Actually not sure what I was thinking when i posted this because last nite and practicing this morning, I was just using what felt natural with my fork arm when the elbow is locked..when you do that...it pretty much is set in one position. Any movements up or down would maybe only be in special situations or something. Also...too many variables introduced with both left and right arm adjustments...maybe at some point in the future but for now...I will keep it simple.

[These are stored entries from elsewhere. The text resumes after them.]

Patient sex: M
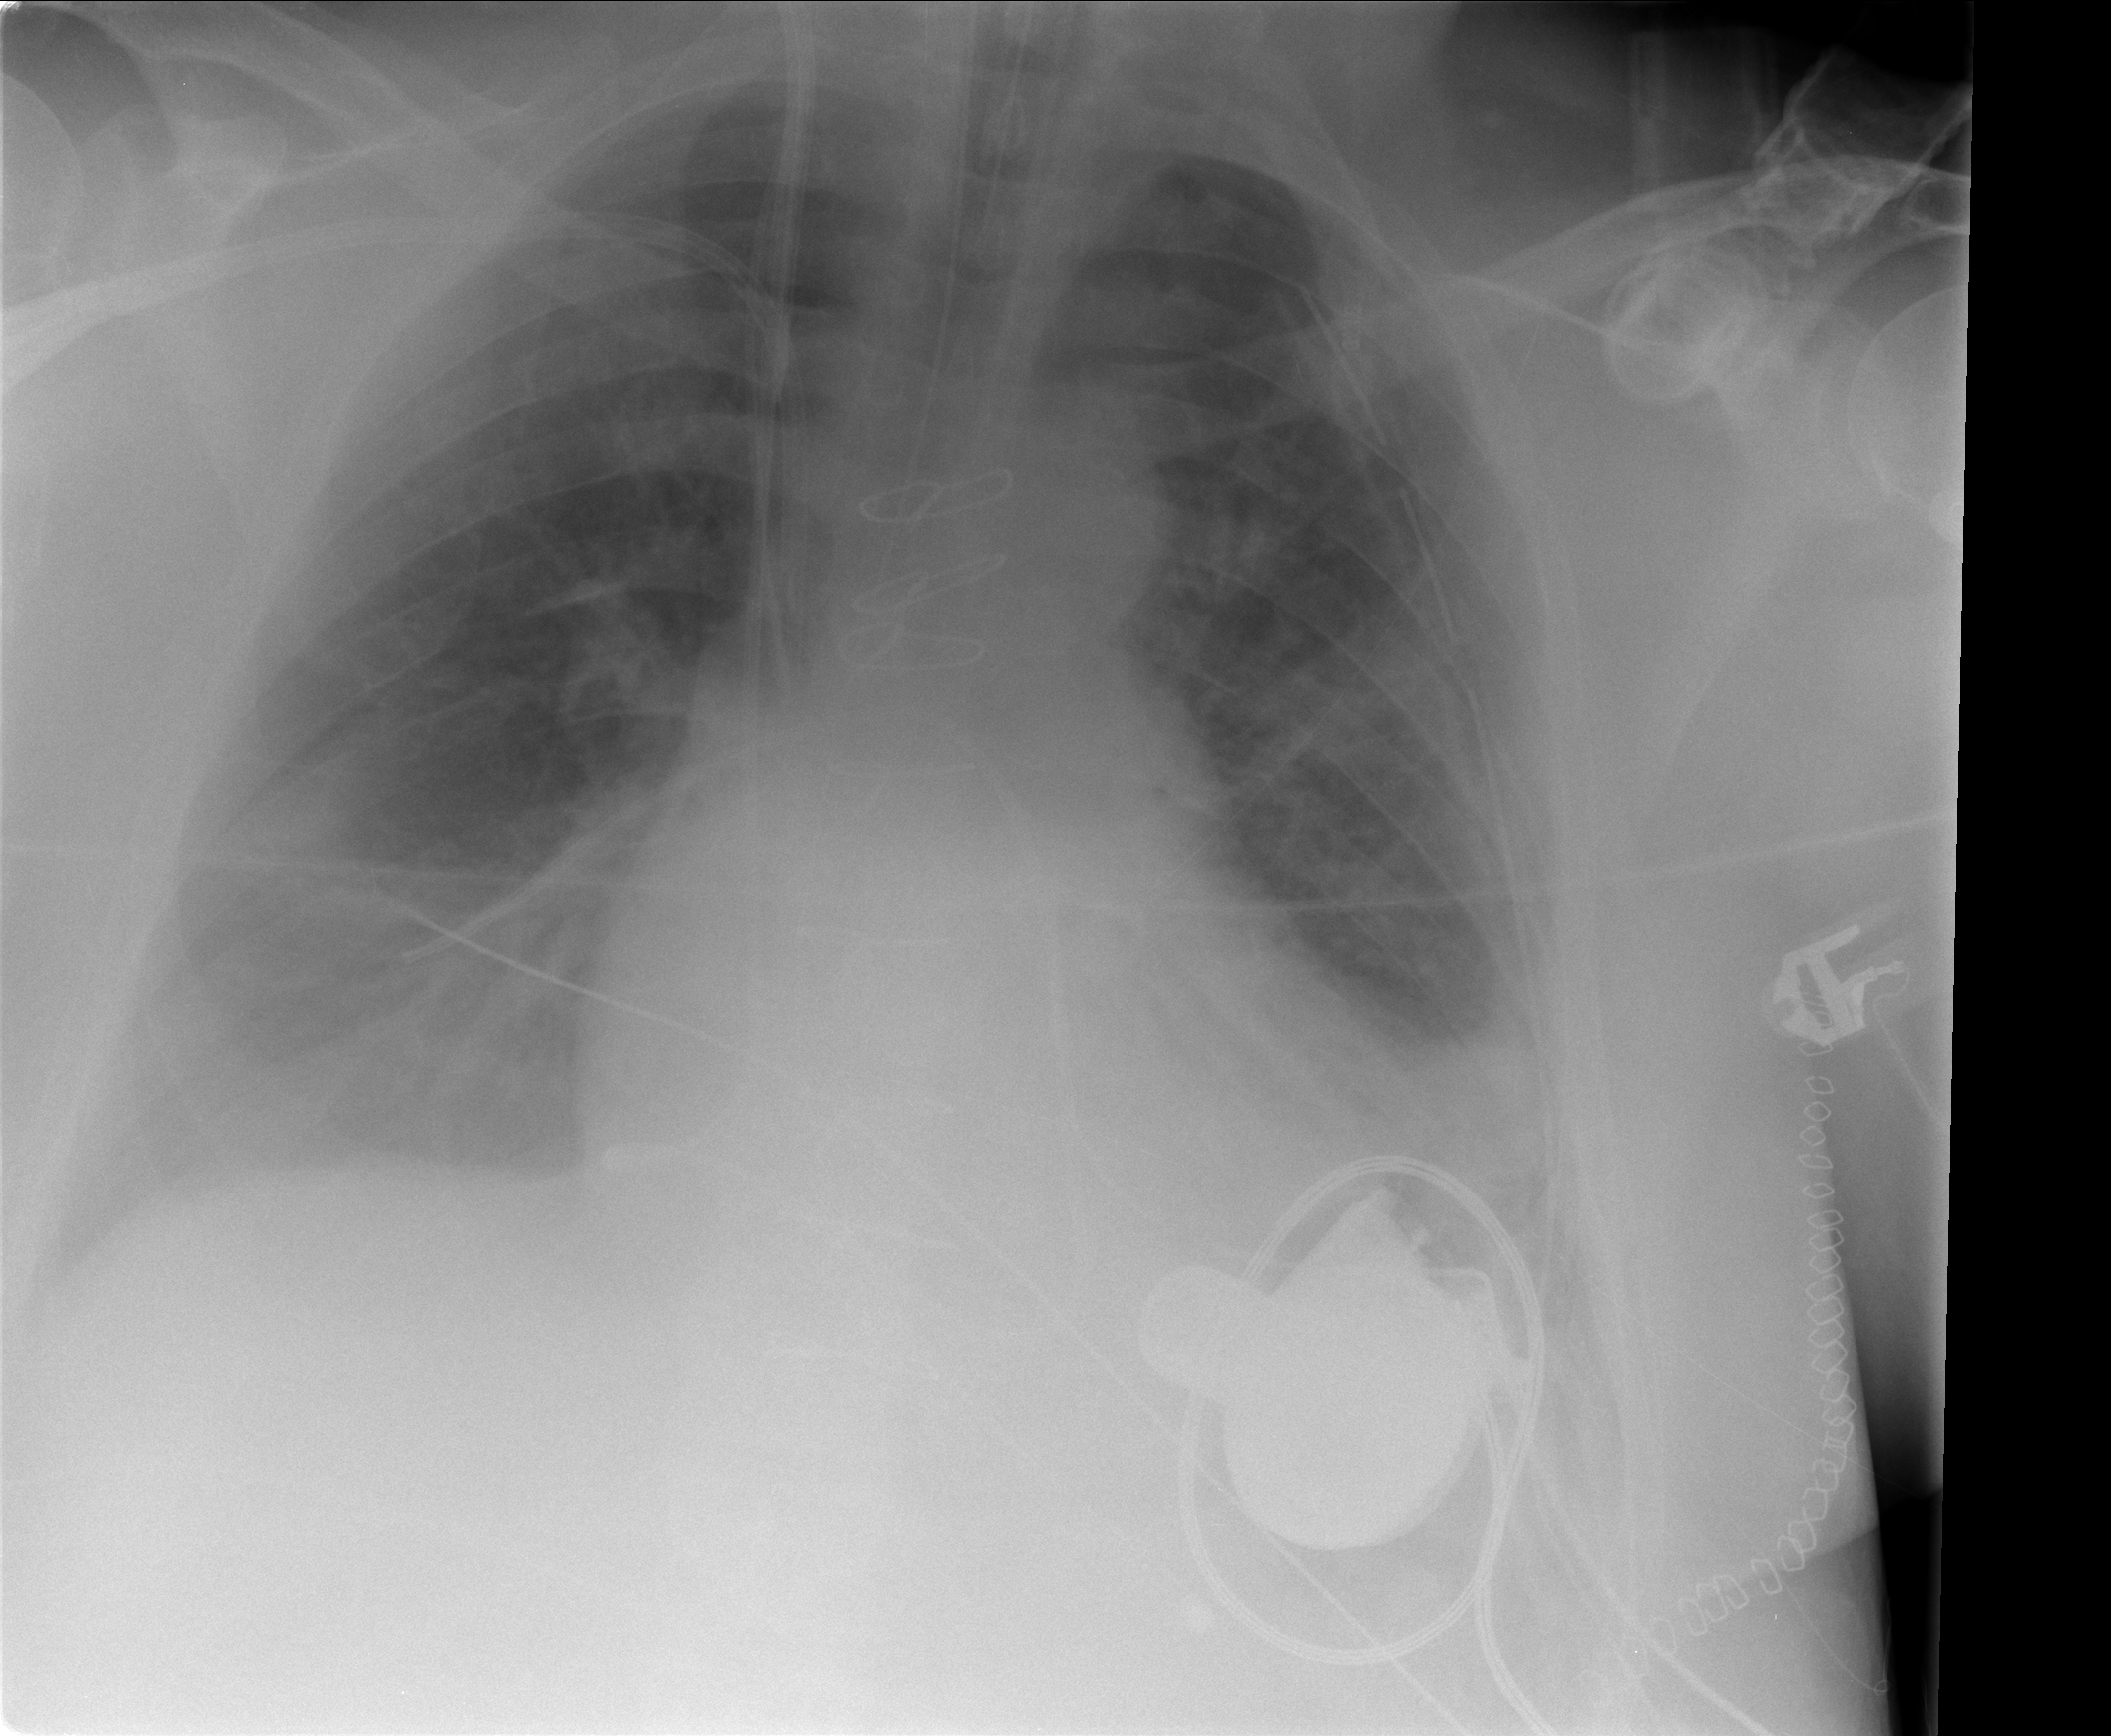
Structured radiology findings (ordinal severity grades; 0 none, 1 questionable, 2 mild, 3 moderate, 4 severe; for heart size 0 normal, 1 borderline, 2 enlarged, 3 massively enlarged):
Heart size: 2
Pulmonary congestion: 2
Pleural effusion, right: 2
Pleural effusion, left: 0
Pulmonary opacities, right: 0
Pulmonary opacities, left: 2
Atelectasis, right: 2
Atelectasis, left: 2
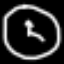
Label: clock
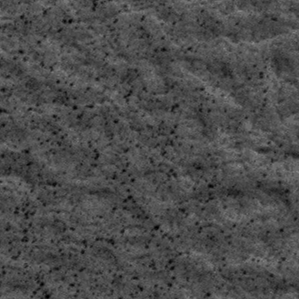
Label: frost
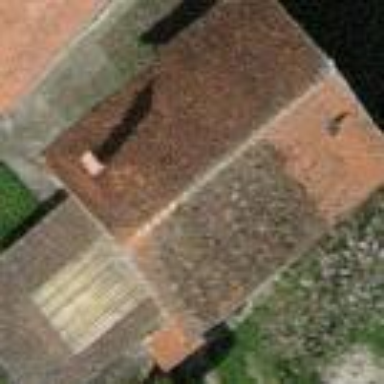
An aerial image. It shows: Shed.
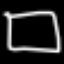
Label: square
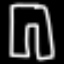
Label: pants
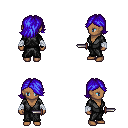
a pixel art fantasy rpg character, female body template, human, dark skin, gray robe, metal pants, blue swoop hairstyle, white cloth bandages, dagger, four views (front, back, left, right), 2x2 character sprite sheet, small pixel art, hard edges, no anti-aliasing

Thanks for the inputs but let this thread die :>)


----------



## Forksville (Jan 6, 2021)

Just watched that video Vince, Thanks for posting it. Just like archery, this sport is all about form and consistency also. Body position, hold, anchor point, release, follow through....so much alike. It's going to be fun.

Craig


----------



## StringSlap (Mar 2, 2019)

Forksville said:


> Just watched that video Vince, Thanks for posting it. Just like archery, this sport is all about form and consistency also. Body position, hold, anchor point, release, follow through....so much alike. It's going to be fun.
> 
> Craig


FWIW I shoot the best when I use my longbow shooting stance. Only difference is my anchor... Corner of mouth with longbow, cheekbone with slingshot. I don't like rigid target stances. I've always considered myself a field archer, not a target archer. I like to be able to shoot targets on uneven terrain and different situations. Target stance isn't the best for that. Longbows and slingshots lend themselves to a more natural shooting style. The ol' "extension of your hand" thing we strive for. Best way I can describe it is to imagine a mountain lion crouched on top of a rock getting ready to pounce on its dinner. He's not standing straight up with locked joints. He's crouched/bent, leaning forward, limbs bent, head forward with intense focus on his target. That imagery helped fine tune my longbow shooting and is working the same for slingshots. When I do it right, I can follow my marble from release and see it track right to the target. Read "Become the Arrow" by Byron Ferguson. Useful stuff in there for slingshots.


----------



## snydes (Jan 9, 2021)

great info - thanks !


----------